**Data**
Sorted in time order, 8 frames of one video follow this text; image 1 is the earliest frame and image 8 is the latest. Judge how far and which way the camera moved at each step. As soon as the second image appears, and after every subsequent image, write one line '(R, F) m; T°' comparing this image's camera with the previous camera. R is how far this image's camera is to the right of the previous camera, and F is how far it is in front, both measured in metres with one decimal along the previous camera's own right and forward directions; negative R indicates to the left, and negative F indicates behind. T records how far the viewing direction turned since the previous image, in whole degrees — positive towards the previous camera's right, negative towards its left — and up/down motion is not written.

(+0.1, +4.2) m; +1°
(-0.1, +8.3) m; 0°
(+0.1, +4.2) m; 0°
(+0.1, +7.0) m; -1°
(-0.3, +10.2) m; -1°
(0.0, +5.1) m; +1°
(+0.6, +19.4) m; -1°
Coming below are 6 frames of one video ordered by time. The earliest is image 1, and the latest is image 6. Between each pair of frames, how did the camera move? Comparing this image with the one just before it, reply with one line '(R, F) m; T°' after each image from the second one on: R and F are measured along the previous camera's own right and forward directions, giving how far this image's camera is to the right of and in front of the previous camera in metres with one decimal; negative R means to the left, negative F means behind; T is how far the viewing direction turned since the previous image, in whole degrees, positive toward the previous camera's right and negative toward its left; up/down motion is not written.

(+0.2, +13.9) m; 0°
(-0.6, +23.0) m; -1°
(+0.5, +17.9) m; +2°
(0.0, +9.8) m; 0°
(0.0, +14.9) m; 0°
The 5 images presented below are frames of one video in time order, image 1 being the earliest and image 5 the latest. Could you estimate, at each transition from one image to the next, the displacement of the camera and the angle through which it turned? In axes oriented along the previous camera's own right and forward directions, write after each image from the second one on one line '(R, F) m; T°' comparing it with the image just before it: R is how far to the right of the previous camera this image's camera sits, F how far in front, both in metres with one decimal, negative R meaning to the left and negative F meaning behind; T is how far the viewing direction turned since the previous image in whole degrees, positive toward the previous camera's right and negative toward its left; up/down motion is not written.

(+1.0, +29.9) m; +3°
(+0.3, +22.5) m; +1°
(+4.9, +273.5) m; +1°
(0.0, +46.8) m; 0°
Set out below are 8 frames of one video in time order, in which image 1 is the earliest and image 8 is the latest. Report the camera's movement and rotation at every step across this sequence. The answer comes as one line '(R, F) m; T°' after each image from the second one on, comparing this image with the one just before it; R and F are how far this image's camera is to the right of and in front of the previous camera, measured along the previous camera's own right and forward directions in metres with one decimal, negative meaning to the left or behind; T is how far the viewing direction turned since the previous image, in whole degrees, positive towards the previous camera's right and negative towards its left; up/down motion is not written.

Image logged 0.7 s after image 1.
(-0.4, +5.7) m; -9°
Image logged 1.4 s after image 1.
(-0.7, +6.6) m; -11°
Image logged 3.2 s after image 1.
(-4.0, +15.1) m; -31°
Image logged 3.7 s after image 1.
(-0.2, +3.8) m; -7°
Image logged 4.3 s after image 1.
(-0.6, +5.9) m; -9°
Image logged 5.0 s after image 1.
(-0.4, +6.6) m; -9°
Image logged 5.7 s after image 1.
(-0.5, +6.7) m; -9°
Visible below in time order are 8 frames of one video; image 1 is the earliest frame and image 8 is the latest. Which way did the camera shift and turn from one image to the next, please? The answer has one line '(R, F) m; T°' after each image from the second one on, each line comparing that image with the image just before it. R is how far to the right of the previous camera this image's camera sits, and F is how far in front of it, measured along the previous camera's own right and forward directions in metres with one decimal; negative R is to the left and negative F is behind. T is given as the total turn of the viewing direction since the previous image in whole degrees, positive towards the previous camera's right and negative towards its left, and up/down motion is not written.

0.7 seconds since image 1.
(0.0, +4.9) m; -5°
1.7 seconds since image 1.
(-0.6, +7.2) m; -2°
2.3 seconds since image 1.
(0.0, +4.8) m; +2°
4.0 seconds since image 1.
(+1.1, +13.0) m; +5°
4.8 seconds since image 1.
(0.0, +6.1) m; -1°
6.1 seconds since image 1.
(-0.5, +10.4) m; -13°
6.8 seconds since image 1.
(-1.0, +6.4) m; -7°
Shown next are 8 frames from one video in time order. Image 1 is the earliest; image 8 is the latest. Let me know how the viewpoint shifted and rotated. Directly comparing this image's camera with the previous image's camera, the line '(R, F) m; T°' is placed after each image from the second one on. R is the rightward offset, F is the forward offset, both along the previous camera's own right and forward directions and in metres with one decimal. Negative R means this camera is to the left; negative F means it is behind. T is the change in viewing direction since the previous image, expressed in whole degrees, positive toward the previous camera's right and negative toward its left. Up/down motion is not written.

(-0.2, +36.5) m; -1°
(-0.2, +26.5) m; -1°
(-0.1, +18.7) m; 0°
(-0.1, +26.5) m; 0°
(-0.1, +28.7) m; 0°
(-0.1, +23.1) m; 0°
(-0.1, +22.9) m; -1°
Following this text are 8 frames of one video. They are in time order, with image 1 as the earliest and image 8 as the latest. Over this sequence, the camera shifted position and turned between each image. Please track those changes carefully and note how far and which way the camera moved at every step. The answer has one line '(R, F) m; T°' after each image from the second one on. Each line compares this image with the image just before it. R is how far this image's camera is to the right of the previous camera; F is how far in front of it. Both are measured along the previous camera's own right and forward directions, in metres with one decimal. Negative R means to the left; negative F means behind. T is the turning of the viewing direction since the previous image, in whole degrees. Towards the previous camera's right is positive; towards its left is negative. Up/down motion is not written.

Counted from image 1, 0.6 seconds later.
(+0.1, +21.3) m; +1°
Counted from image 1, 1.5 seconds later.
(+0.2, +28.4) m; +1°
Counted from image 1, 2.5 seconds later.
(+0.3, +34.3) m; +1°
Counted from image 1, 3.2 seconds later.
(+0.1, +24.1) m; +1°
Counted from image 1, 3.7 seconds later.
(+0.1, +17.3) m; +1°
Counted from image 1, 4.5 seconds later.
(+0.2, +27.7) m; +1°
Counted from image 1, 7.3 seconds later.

**What you have to do**
Reproduce each line of the entries in which the word "sequence" is found.

**Your response**
Set out below are 8 frames of one video in time order, in which image 1 is the earliest and image 8 is the latest. Report the camera's movement and rotation at every step across this sequence. The answer comes as one line '(R, F) m; T°' after each image from the second one on, comparing this image with the one just before it; R and F are how far this image's camera is to the right of and in front of the previous camera, measured along the previous camera's own right and forward directions in metres with one decimal, negative meaning to the left or behind; T is how far the viewing direction turned since the previous image, in whole degrees, positive towards the previous camera's right and negative towards its left; up/down motion is not written.
Following this text are 8 frames of one video. They are in time order, with image 1 as the earliest and image 8 as the latest. Over this sequence, the camera shifted position and turned between each image. Please track those changes carefully and note how far and which way the camera moved at every step. The answer has one line '(R, F) m; T°' after each image from the second one on. Each line compares this image with the image just before it. R is how far this image's camera is to the right of the previous camera; F is how far in front of it. Both are measured along the previous camera's own right and forward directions, in metres with one decimal. Negative R means to the left; negative F means behind. T is the turning of the viewing direction since the previous image, in whole degrees. Towards the previous camera's right is positive; towards its left is negative. Up/down motion is not written.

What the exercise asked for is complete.